裏口入学の実態と実際

尾藤 克之

画像は読売新聞朝刊2018.07.13(筆者撮影)

7/13(金) 読売新聞によれば、東京医大裏口入学問題で、過去に不正合格させた受験生やその親の名前などが書かれた「裏口入学リスト」を作成していると報道があった。すでに東京地検特捜部は、同大側から複数のリストを入手しているようである。今年2月の入試で佐野容疑者の息子の点数を加算して合格させるよう学内で指示したとしている。

裏口入学の実態と実際

数年おきに「裏口入学」の問題がとりざたされる。この類の話は昔からあるが実際はどうなのだろう。いま、某代議士の議員会館の部屋である取引が行なわれようとしている。

--ここから--

後援会幹部
お世話になった方の子息がどうしても「X大学」に入りたいと言っていてね。そこを先生の力でどうにかなりませんかね?

議員秘書
かしこまりました。お土産は大丈夫ですか?

後援会幹部
板チョコ3枚くらいなら。先生もお好きな甘くてとろけるやつですよ(笑)

議員秘書
チョコを2枚くらい追加してもらえると早いと思います。私も最近は物入りでね。イタリア製の赤いスポーツカーの燃費が悪いもので、今度はドイツ製にしようかと・・

後援会幹部
お主もワルよのぉ。ほっほっほっ!

--ここまで--

このような話をまともに受けている人がいれば、それはテレビドラマの見過ぎだろう。政治家や議員秘書には、どうしても裏口入学や斡旋などのダーティなイメージがつきまとうが、議員秘書はこのような違法行為には手を出さない。違法行為が露見した際のメリットはまったくないからである。

しかし、陳情であれば“無下”にできないのも事実。悪い評判を流されたり敵陣営に行かれると困るので形式上、検討する形を取る。そして、次のような対応をおこなう。

例)前述の後援会幹部のケース
(1)後援会幹部が秘書に依頼。
(2)秘書は受験番号を確認する。
(3)お世話になった子息が大学を受験。
(4)合格発表がされる1週間程度前に秘書は大学に連絡をする。
(5)合否確認をおこなう。
(6)合格をしていたらお祝いを送付、不合格でも即座に伝える。
※ポイントは合格発表前であること。

秘書は大学に対してなにも違法行為をしていないことがわかる。合格なら「実力で合格していた」ことになり、不合格なら「実力が達していなかった」ことになる。議員事務所を通すと、なんらかの便宜をはかったように見えるので、親御さんはとても感謝をするかも知れない。しかし、本人は実力で合格を果たしている。秘書は何もしていない。

渡したお金は戻ってこない

ところが、「裏口入学の斡旋でお金を騙し取られる」という話は昔から良くある。私は法律家ではないので専門的な見地からのコメントは控えるが、民法708条により、裏口入学を依頼した側にも厳しい判決が言い渡されている。

民法第708条(不法原因給付)
不法な原因のために給付をした者は、その給付したものの返還を請求することができない。ただし、不法な原因が受益者についてのみ存したときは、この限りでない。

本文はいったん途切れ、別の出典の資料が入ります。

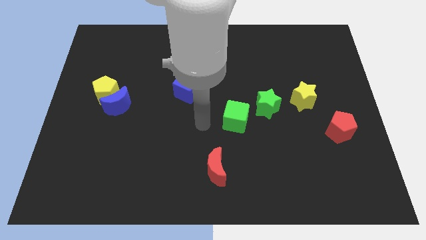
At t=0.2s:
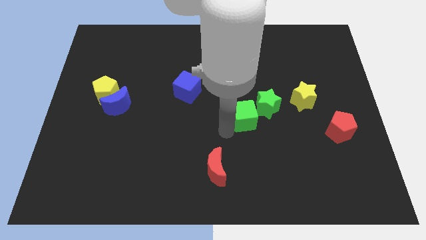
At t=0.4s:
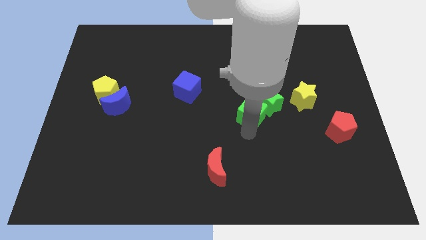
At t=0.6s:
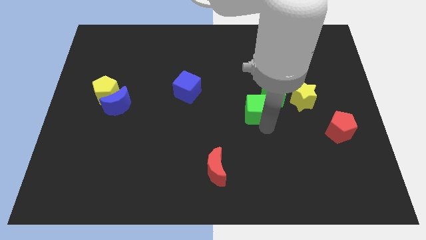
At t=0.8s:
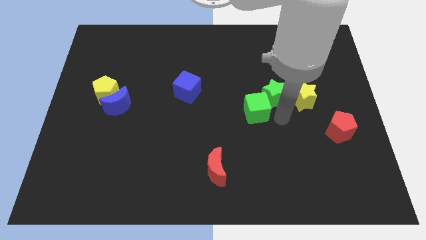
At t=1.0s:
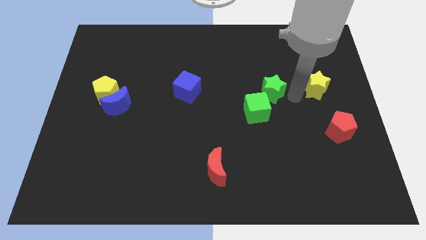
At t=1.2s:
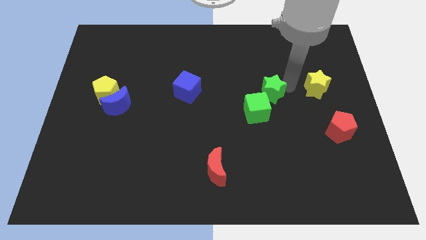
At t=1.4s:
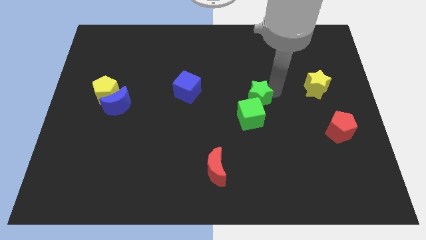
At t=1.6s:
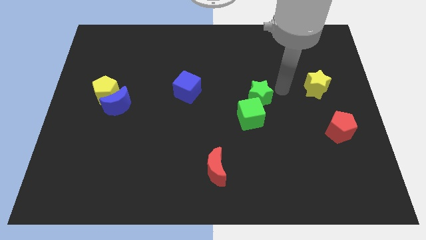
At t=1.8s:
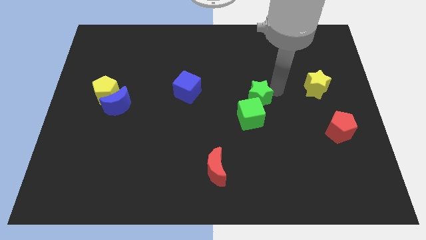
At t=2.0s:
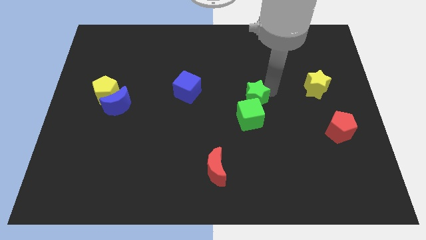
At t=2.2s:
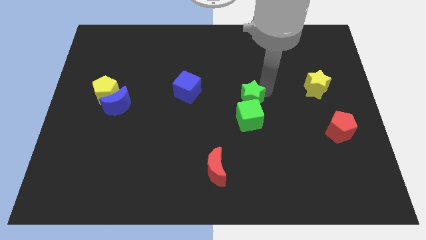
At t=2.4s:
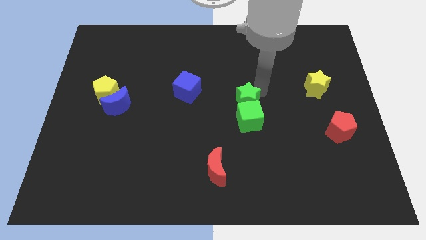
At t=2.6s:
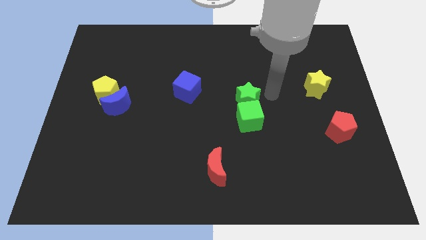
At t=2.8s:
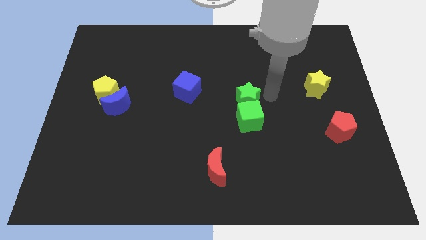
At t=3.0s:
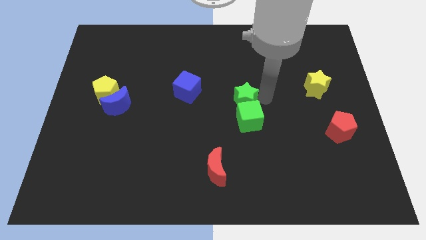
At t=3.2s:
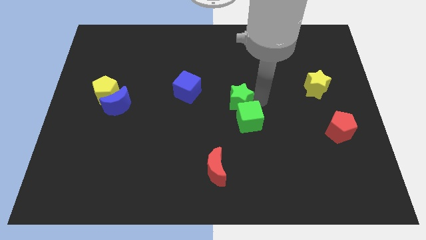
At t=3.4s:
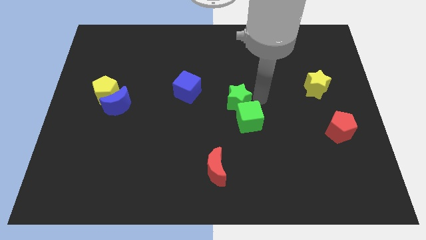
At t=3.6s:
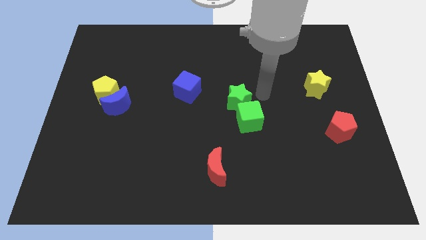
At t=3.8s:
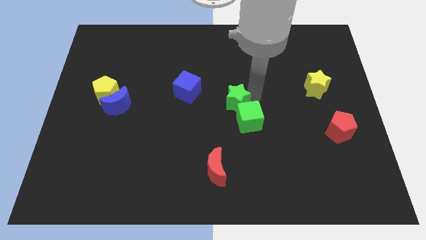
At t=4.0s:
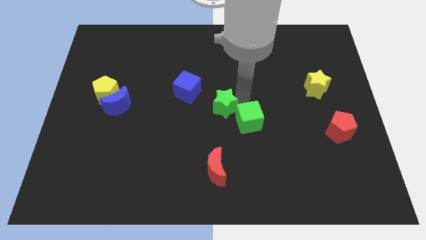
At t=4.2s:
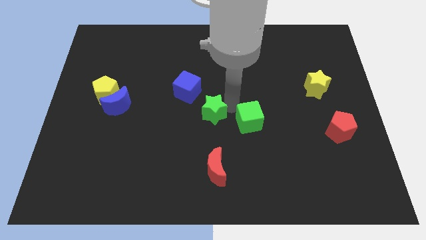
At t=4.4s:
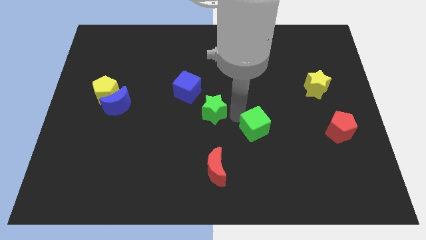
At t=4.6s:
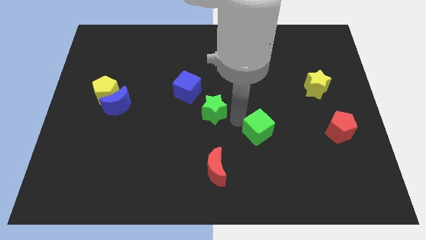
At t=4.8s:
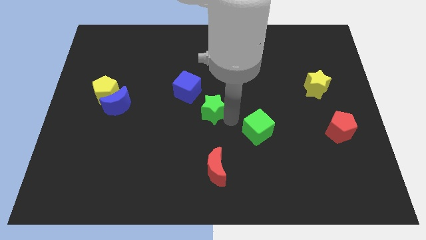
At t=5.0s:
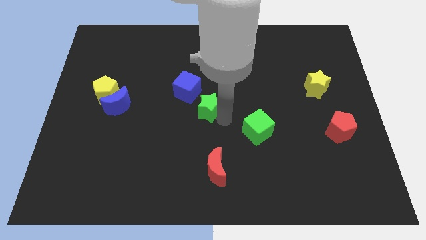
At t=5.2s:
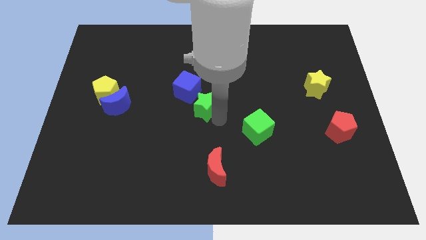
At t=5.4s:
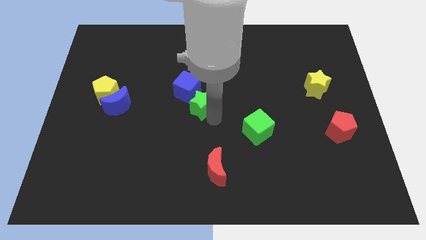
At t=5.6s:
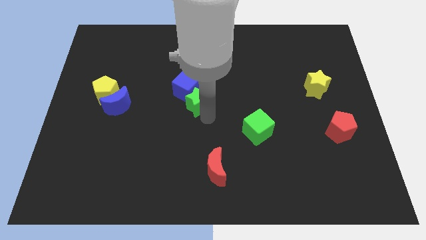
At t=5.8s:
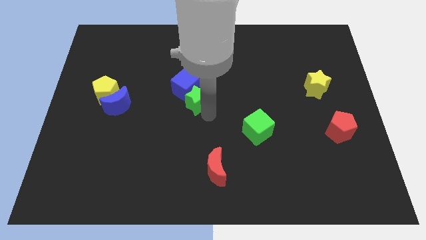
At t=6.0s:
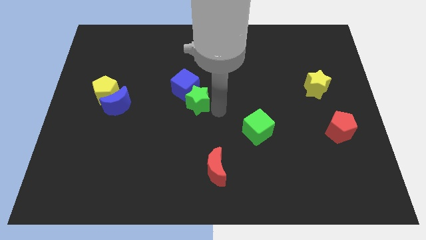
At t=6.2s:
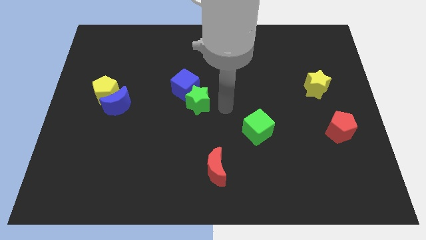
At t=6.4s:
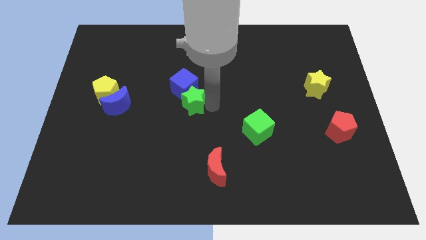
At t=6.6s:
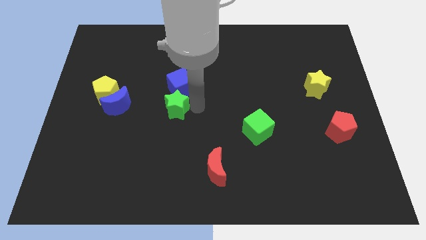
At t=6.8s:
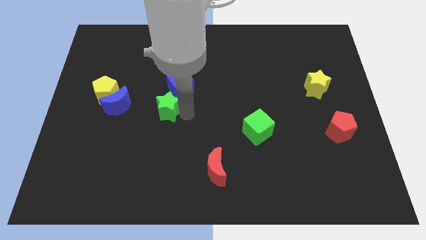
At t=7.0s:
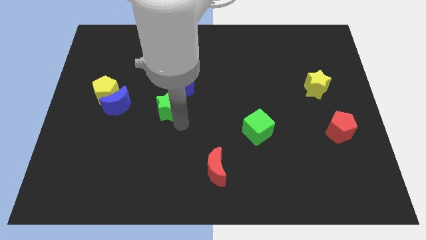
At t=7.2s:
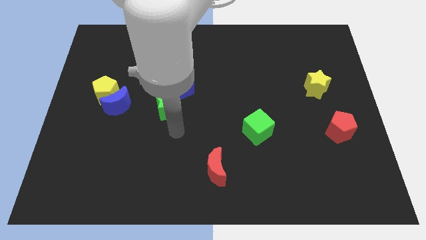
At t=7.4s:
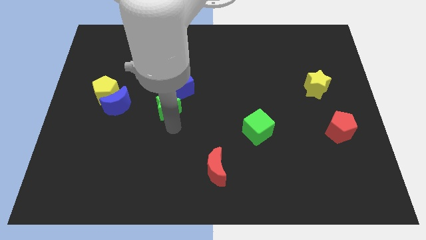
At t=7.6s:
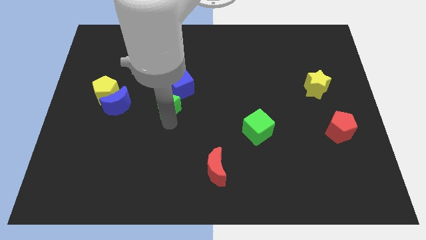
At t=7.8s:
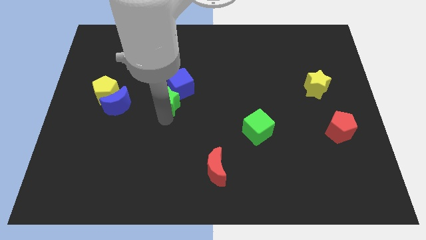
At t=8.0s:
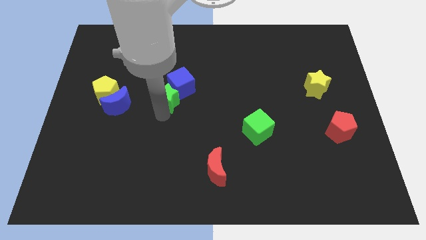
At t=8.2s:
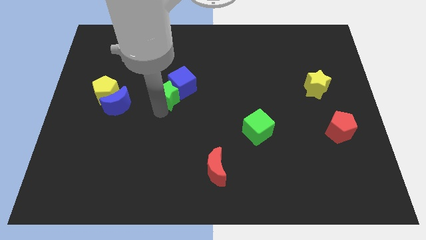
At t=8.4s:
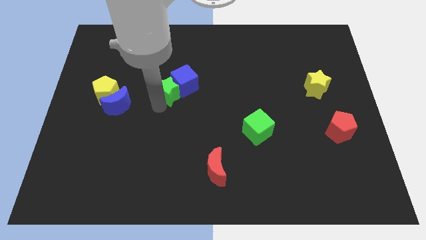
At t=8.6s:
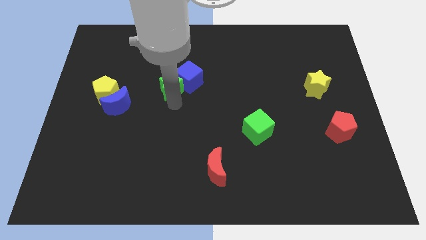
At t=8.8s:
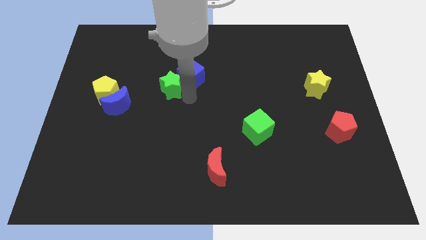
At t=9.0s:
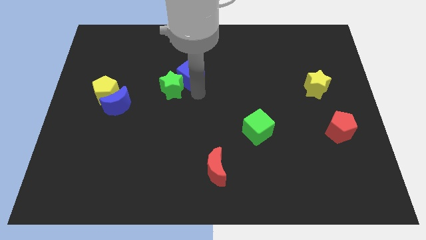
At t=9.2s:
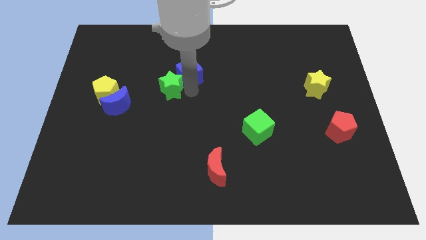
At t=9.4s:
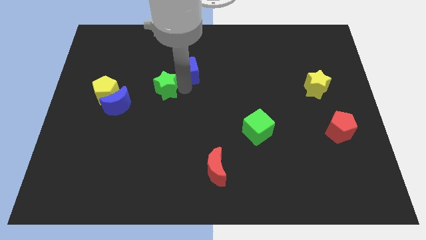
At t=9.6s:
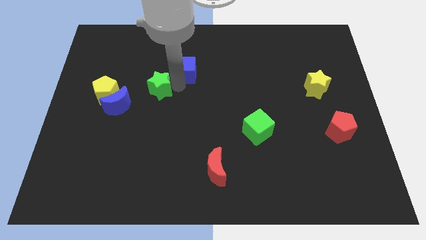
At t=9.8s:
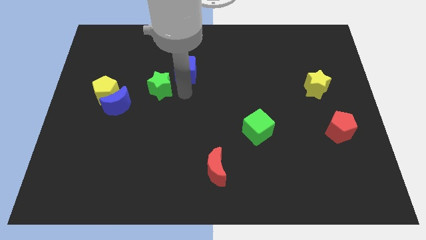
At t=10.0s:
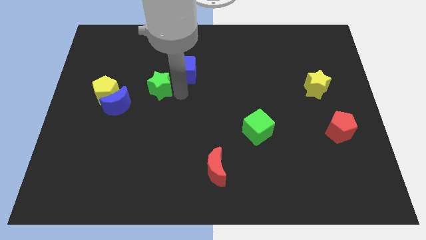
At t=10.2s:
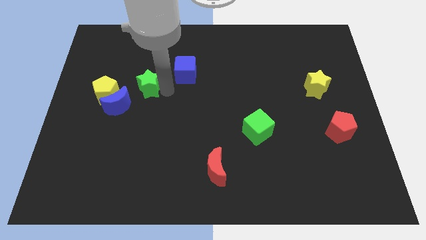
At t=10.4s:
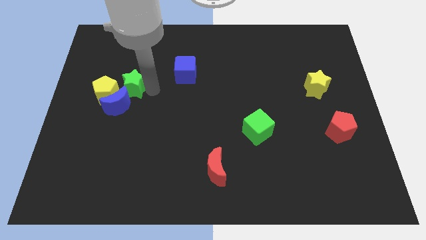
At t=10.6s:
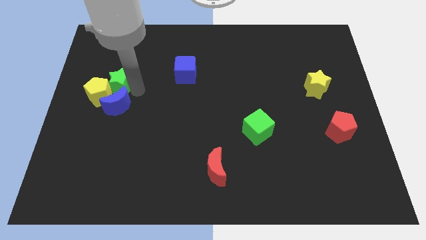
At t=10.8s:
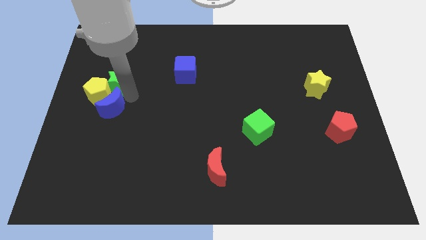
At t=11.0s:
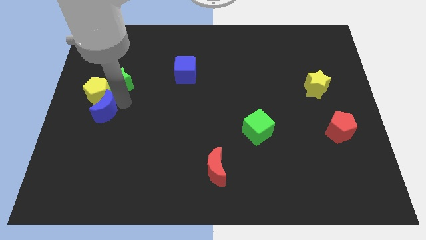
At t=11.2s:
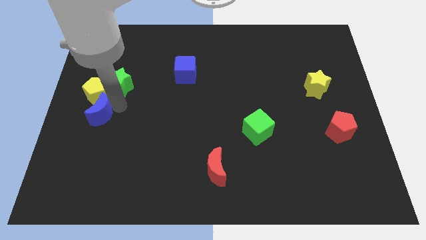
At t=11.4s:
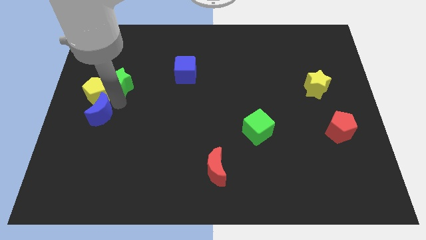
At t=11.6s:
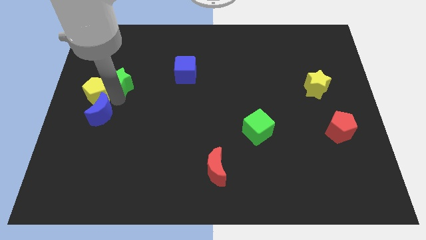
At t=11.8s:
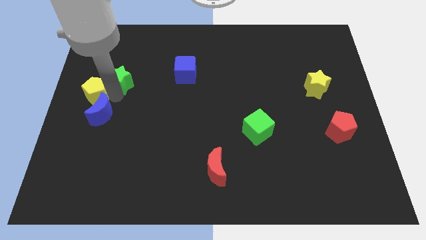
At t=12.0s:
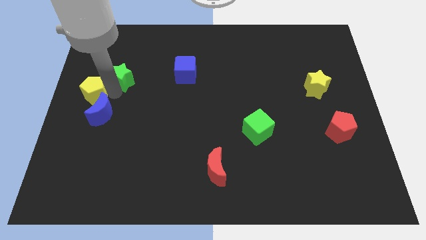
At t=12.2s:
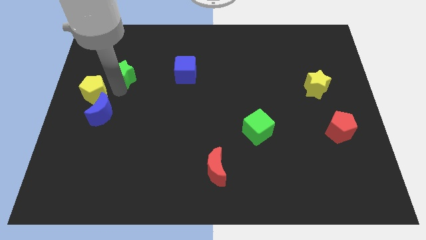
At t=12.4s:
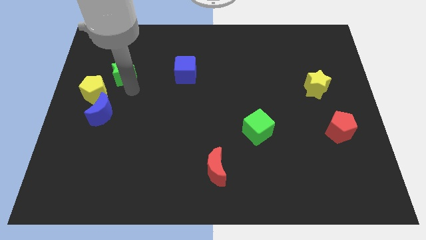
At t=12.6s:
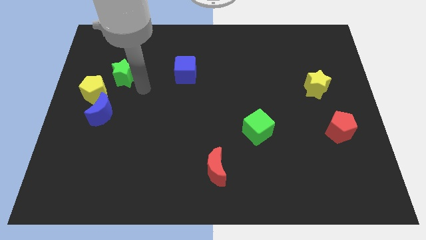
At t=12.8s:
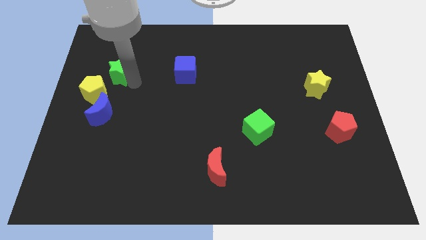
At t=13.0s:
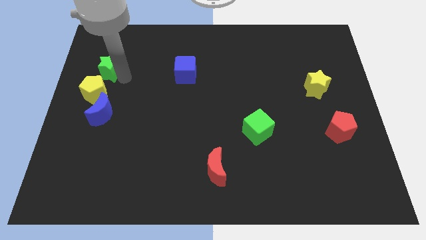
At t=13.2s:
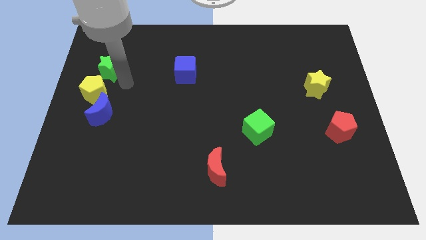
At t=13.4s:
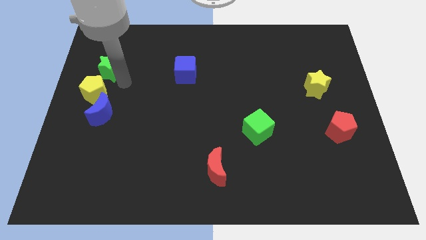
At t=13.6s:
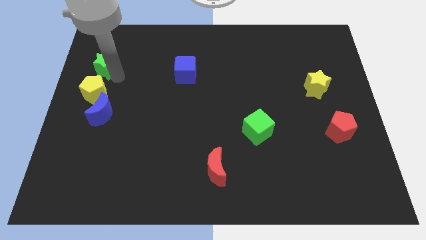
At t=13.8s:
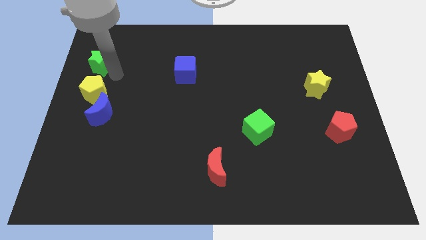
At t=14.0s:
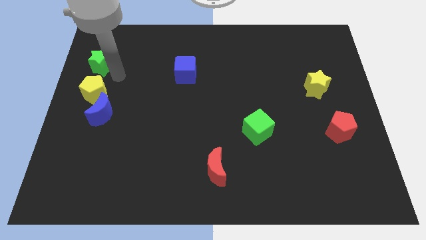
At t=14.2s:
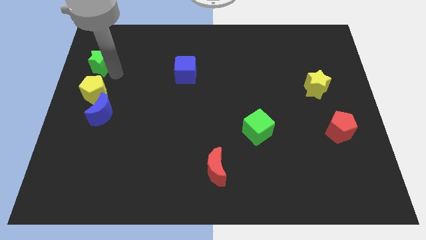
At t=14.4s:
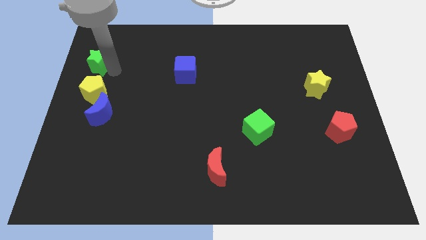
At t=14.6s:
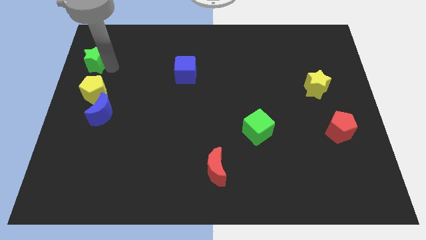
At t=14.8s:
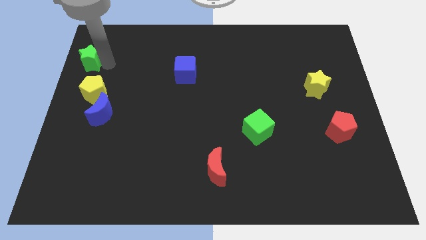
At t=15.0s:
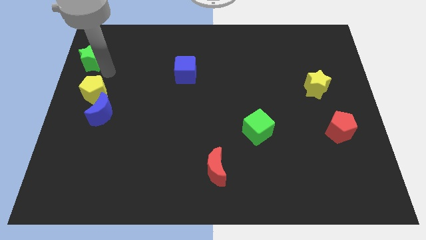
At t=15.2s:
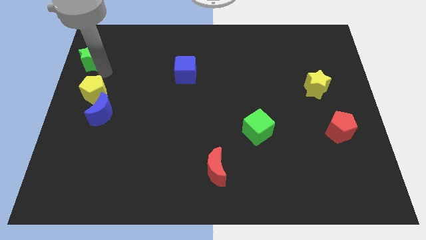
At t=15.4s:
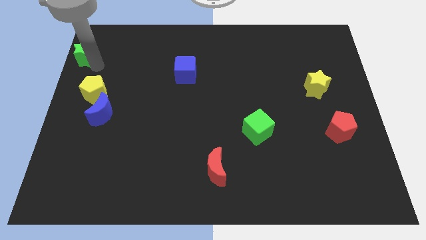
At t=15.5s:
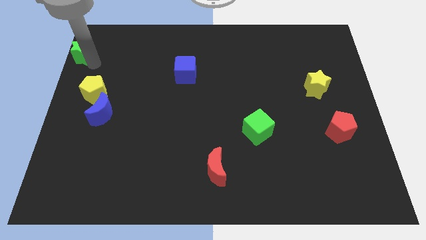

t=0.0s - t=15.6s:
move the green star to the top left

「不合格だからお金を返せ」という訴えに対して金品を提供して便宜を図る(このケースは裏口)ような行為は社会通念上許されない。だから返さなくて良いとするもの。裏口に関する訴訟では同様の判決が出ている。依頼する側、依頼される側、双方にとって全くメリットがないので、このような陳情には対応をしないことが常識になっている。

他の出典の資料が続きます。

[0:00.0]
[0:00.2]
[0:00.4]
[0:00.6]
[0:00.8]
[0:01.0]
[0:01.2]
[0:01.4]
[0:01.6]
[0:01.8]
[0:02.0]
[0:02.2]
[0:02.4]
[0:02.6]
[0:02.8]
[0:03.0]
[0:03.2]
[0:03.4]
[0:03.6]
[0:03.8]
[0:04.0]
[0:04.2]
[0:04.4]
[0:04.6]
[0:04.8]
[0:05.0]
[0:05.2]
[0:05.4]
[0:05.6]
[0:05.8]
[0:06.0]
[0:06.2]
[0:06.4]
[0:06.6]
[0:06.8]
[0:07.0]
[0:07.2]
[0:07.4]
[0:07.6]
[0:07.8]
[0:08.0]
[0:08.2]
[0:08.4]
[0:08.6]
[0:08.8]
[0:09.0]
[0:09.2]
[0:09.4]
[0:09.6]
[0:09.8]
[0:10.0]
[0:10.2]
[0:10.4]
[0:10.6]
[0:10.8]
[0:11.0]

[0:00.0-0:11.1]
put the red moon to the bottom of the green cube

今回の東京医大のケースは、官僚であること、点数を加算させたことが従来と異なる点である。ところが、私立の場合、有力者の子どもを推薦扱いにして合格させることはよくあるし、海外で推薦入学はポピュラーな手法である。当然、違法ではない。

つまり、テレビドラマで放映されるような、完全な「裏口」というものは存在しないと考えたほうがいいだろう。誤解を与えるため、「推薦入学」と表現したほうがベターではないか。今回の東京医大のケースは、「加算のさせ方と中身」が重要になる。推薦であれば、さほどの事件性は無いという判断にもなる。